## Data for analysis
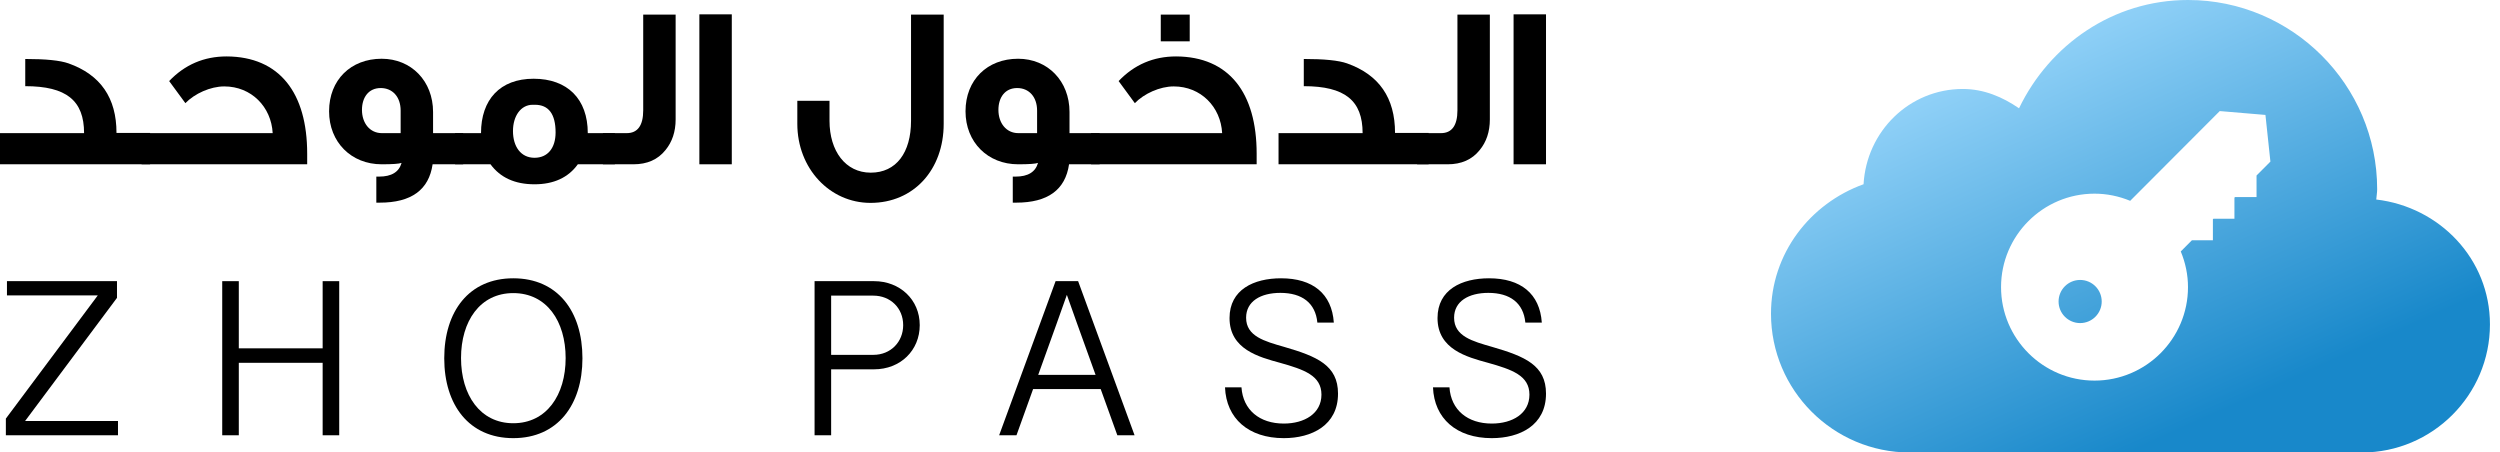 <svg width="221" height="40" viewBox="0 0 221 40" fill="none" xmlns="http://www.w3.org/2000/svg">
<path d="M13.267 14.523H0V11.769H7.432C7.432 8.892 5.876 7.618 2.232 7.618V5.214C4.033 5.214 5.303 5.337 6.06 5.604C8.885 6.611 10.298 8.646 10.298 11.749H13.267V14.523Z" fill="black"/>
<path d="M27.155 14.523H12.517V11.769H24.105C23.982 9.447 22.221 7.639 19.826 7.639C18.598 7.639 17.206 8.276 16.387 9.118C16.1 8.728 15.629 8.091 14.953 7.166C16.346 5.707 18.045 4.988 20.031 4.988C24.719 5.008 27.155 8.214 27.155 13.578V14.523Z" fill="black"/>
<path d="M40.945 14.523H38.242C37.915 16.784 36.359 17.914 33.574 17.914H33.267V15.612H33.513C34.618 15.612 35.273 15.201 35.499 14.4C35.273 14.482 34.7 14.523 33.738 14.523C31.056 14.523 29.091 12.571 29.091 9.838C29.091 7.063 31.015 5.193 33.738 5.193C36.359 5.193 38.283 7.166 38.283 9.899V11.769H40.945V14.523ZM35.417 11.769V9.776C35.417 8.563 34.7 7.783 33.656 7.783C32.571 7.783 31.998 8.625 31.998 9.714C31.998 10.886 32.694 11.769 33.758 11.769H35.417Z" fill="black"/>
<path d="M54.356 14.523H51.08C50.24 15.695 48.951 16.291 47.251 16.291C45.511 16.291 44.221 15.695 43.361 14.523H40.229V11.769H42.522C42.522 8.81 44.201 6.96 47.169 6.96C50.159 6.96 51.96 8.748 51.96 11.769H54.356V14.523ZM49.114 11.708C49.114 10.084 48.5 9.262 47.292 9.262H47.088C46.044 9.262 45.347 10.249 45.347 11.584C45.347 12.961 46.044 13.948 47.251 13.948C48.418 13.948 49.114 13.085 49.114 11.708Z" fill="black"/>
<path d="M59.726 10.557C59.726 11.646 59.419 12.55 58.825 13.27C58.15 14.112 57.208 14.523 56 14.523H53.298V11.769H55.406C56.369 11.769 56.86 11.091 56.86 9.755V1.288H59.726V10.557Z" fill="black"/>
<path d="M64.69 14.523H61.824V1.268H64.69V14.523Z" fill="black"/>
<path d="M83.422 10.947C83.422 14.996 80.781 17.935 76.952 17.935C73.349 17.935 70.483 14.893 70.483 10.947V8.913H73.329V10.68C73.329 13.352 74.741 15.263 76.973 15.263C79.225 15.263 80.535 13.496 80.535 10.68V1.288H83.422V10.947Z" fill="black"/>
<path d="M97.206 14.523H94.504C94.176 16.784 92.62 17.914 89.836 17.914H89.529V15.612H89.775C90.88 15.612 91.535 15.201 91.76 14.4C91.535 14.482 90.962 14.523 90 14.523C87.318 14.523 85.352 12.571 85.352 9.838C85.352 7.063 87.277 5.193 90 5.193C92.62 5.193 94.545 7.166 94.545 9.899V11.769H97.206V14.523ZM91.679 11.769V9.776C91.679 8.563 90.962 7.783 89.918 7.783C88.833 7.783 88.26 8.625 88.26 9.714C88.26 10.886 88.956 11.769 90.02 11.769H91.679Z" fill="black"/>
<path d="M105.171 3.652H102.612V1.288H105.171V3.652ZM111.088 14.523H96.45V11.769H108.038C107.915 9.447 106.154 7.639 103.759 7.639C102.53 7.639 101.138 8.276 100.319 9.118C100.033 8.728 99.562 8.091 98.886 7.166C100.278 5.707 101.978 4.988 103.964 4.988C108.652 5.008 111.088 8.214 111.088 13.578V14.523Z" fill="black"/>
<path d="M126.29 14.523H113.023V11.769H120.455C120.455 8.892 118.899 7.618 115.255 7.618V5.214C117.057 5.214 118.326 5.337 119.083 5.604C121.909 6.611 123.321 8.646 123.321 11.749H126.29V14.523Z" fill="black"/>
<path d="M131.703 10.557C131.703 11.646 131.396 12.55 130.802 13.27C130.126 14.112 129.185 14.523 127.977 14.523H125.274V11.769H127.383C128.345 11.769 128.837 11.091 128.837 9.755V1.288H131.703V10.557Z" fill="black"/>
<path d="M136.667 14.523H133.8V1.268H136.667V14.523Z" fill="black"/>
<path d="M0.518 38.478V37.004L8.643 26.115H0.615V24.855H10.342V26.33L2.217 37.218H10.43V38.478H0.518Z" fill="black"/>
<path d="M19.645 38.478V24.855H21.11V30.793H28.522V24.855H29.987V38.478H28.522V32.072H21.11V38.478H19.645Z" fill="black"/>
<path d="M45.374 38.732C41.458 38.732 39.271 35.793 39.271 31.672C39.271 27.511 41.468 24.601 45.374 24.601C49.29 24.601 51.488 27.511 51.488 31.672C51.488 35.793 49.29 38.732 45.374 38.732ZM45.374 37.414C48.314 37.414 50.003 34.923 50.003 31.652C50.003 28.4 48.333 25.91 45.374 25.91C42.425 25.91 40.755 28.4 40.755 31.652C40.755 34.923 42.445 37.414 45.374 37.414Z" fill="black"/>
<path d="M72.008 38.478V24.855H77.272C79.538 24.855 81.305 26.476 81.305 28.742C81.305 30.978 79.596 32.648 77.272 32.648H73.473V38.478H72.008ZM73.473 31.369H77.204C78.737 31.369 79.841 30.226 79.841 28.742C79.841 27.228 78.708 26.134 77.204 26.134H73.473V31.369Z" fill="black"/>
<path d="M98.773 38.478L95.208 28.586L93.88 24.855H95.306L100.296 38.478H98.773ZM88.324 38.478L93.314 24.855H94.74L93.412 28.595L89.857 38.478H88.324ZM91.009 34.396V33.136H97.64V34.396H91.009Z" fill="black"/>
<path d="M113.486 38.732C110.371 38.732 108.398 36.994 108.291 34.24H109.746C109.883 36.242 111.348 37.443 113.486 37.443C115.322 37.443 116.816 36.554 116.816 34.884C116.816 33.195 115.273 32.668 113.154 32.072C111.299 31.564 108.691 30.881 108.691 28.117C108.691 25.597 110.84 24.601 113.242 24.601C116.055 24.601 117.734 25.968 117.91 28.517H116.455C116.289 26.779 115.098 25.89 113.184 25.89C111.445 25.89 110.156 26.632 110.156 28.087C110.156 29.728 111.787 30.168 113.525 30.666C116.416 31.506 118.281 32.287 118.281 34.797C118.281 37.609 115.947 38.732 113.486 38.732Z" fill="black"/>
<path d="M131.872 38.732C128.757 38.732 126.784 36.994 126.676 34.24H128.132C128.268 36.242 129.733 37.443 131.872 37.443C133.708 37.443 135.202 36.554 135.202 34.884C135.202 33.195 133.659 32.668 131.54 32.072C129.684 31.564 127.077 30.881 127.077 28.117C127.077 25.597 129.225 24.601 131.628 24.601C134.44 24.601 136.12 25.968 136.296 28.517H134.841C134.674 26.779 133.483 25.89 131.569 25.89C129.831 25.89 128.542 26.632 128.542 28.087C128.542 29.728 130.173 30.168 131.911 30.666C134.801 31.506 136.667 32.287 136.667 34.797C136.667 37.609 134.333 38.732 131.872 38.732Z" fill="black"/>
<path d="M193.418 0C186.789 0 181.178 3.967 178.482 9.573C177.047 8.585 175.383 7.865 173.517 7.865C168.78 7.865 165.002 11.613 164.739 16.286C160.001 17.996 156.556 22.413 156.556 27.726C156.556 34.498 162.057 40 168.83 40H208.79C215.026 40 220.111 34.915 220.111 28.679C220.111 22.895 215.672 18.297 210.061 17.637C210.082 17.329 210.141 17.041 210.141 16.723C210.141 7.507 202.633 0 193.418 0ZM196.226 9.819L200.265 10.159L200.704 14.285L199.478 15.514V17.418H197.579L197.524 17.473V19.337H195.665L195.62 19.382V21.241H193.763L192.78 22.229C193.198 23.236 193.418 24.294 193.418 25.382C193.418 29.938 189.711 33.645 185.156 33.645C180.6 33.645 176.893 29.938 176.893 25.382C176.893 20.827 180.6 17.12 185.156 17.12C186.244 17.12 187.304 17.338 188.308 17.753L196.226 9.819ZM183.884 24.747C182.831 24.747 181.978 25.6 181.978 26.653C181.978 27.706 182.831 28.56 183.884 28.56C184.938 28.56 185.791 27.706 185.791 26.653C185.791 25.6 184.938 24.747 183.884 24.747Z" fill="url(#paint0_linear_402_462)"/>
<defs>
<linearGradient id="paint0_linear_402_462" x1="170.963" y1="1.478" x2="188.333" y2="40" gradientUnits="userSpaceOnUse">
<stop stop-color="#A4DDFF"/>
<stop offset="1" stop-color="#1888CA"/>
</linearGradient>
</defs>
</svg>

## Work request
Print only the lines from the first line of the data above through the one containing "14.523H38.242C37.915 16.784 36.359", exactly as they are, with pictures omitted.

## Answer section
 <svg width="221" height="40" viewBox="0 0 221 40" fill="none" xmlns="http://www.w3.org/2000/svg">
<path d="M13.267 14.523H0V11.769H7.432C7.432 8.892 5.876 7.618 2.232 7.618V5.214C4.033 5.214 5.303 5.337 6.06 5.604C8.885 6.611 10.298 8.646 10.298 11.749H13.267V14.523Z" fill="black"/>
<path d="M27.155 14.523H12.517V11.769H24.105C23.982 9.447 22.221 7.639 19.826 7.639C18.598 7.639 17.206 8.276 16.387 9.118C16.1 8.728 15.629 8.091 14.953 7.166C16.346 5.707 18.045 4.988 20.031 4.988C24.719 5.008 27.155 8.214 27.155 13.578V14.523Z" fill="black"/>
<path d="M40.945 14.523H38.242C37.915 16.784 36.359 17.914 33.574 17.914H33.267V15.612H33.513C34.618 15.612 35.273 15.201 35.499 14.4C35.273 14.482 34.7 14.523 33.738 14.523C31.056 14.523 29.091 12.571 29.091 9.838C29.091 7.063 31.015 5.193 33.738 5.193C36.359 5.193 38.283 7.166 38.283 9.899V11.769H40.945V14.523ZM35.417 11.769V9.776C35.417 8.563 34.7 7.783 33.656 7.783C32.571 7.783 31.998 8.625 31.998 9.714C31.998 10.886 32.694 11.769 33.758 11.769H35.417Z" fill="black"/>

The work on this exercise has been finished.